Fresh vs Frozen Peas
Fresh spring peas need barely any cooking time and taste remarkably sweet straight from the pod. Frozen peas have been blanched already so you are really just heating them through. Both work perfectly so do not stress over finding fresh ones in March.
Making It Lighter
Half and half creates a perfectly respectable sauce if you are watching calories though it will not cling quite as thickly. You could also stretch the cream with chicken broth for a lighter version. Some evenings call for full indulgence while others need a compromise.
- Add a handful of baby spinach during the last minute of cooking for extra nutrients
- Sauté asparagus pieces along with the onions if you want more spring vegetables
- Whole wheat penne works if you need extra fiber
Save This pasta has become my go to when the calendar says spring but the weather has not gotten the memo yet. Hope it finds its way into your regular rotation too.
Recipe FAQs
- → Can I use frozen peas instead of fresh?
Absolutely. Frozen peas work beautifully in this dish—just add them directly from frozen and cook until heated through, about 2 minutes. No thawing required.
- → What other meats can I use?
Cooked chicken, turkey, or even crumbled bacon make excellent substitutes for ham. Each brings a slightly different savory profile to the creamy sauce.

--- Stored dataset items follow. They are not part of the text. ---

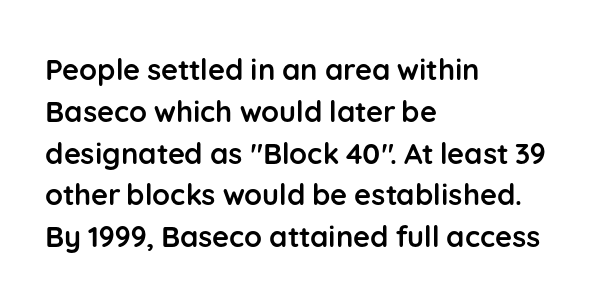
The image shows 29 px semibold sans-serif type, upright; set left-aligned, normal line spacing (1.44x), normal letter spacing, not underlined; low stroke contrast and a medium x-height.
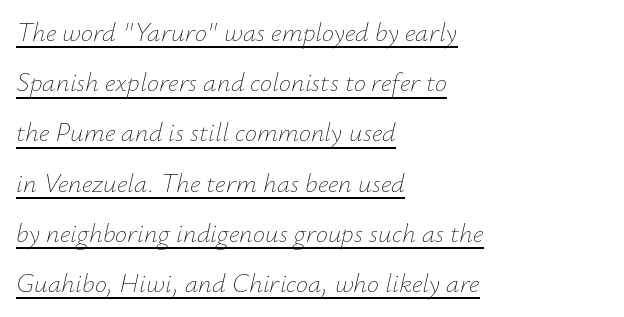
{"italic": "yes", "lean": "right", "slant_degrees": 12, "bold": "no", "underline": "yes", "align": "left", "line_spacing_ratio": 1.86, "letter_spacing": "normal", "letter_spacing_em": 0.0, "glyph_px": 27}
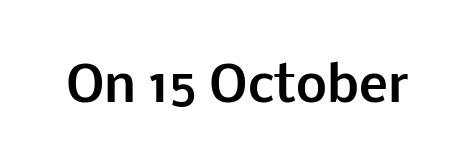
The image shows 49 px bold sans-serif type, upright; set normal letter spacing, not underlined; low stroke contrast and a medium x-height.
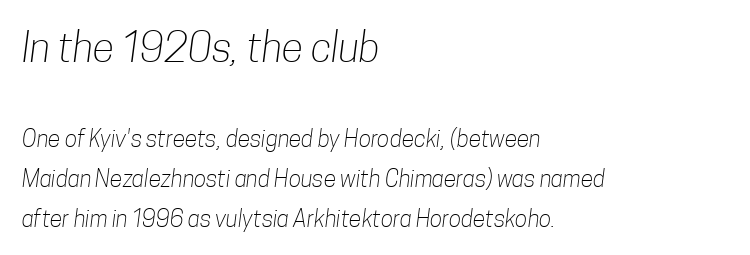
Q: Is the text bold? A: No.
Q: Is the typeface a serif or a sans-serif typeface? A: Sans-serif.
Q: Is the text underlined? A: No.
Q: How is the paragraph aligned? A: Left-aligned.
Q: Is the spacing between letters normal or unusually wide? A: Normal.
Q: Which block of text is set in a larger size, the first (top) or the second (bottom)? A: The first (top) one.
Q: Width (condensed, normal, or wide)? A: Condensed.
Q: Stroke contrast? A: Low.
Q: x-height? A: Medium.
Q: Monospaced? A: No.
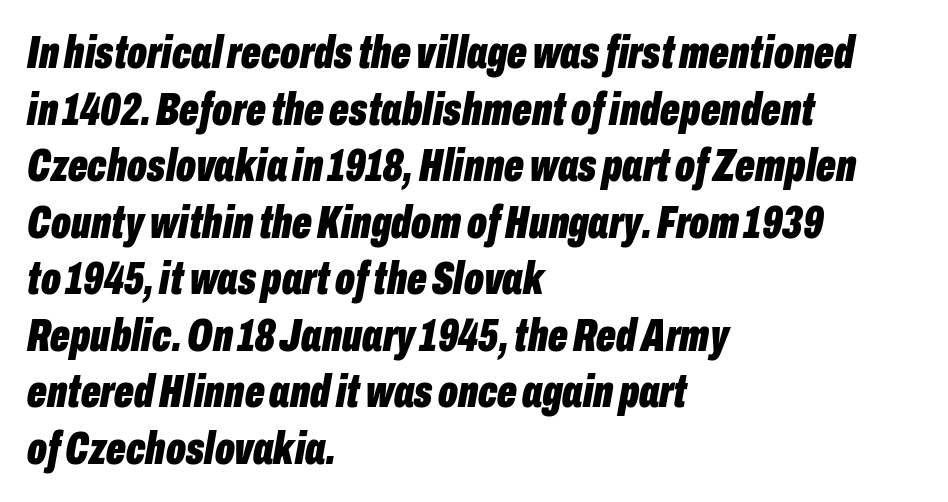
{"italic": "yes", "lean": "right", "slant_degrees": 10, "bold": "yes", "weight": "bold", "width": "condensed", "stroke_contrast": "low", "x_height": "medium", "monospaced": "no", "underline": "no", "align": "left", "line_spacing_ratio": 1.23, "letter_spacing": "normal", "letter_spacing_em": 0.0, "glyph_px": 46}
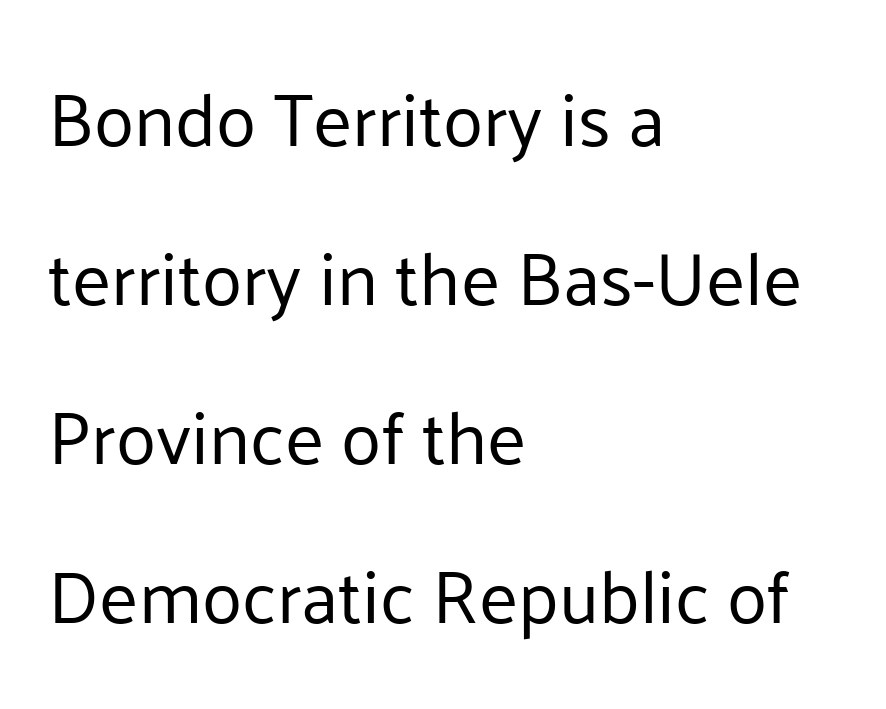
Q: Is the text bold? A: No.
Q: Is the text italic (slanted)? A: No, it is upright.
Q: Is the typeface a serif or a sans-serif typeface? A: Sans-serif.
Q: Is the text underlined? A: No.
Q: How is the paragraph aligned? A: Left-aligned.
Q: Is the spacing between letters normal or unusually wide? A: Normal.
Q: Is the spacing between lines tight, normal or loose? A: Loose.
Q: Width (condensed, normal, or wide)? A: Normal.
Q: Stroke contrast? A: Low.
Q: x-height? A: Medium.
Q: Monospaced? A: No.
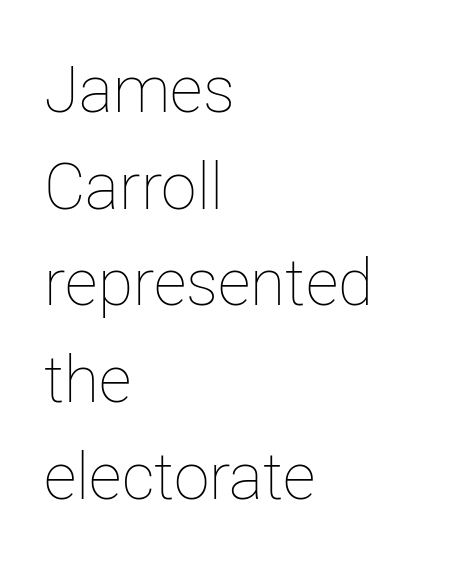
{"italic": "no", "bold": "no", "weight": "thin", "width": "normal", "stroke_contrast": "low", "x_height": "medium", "monospaced": "no", "underline": "no", "align": "left", "line_spacing": "normal", "line_spacing_ratio": 1.51, "letter_spacing": "normal", "letter_spacing_em": 0.0, "glyph_px": 64}
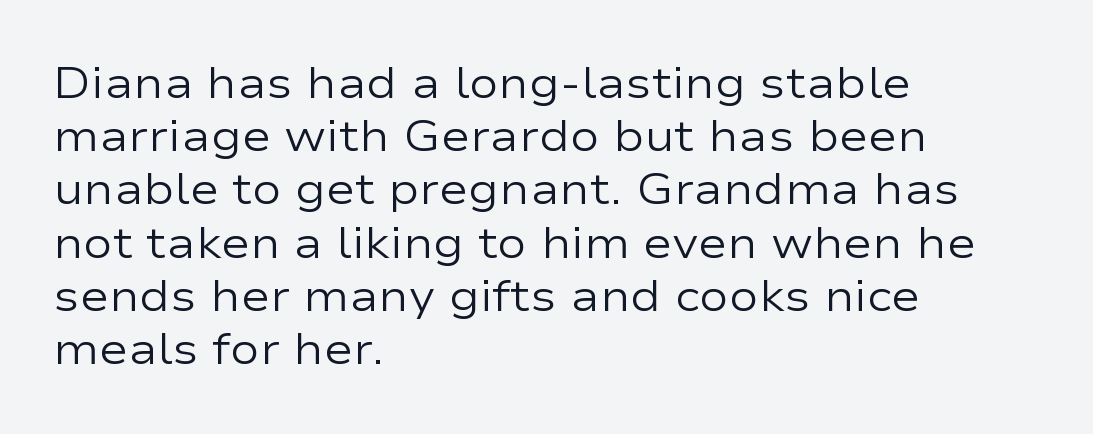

- → Can I make this lighter?
Replace heavy cream with half-and-half for a lighter version. You can also increase the vegetable content by adding asparagus or baby spinach.
- → What wine pairs well with this?
A crisp Sauvignon Blanc or Pinot Grigio cuts through the richness beautifully. Their bright acidity complements the creamy sauce and sweet peas.
- → How do I store leftovers?
Store in an airtight container in the refrigerator for up to 3 days. Reheat gently with a splash of cream or pasta water to restore the sauce's consistency.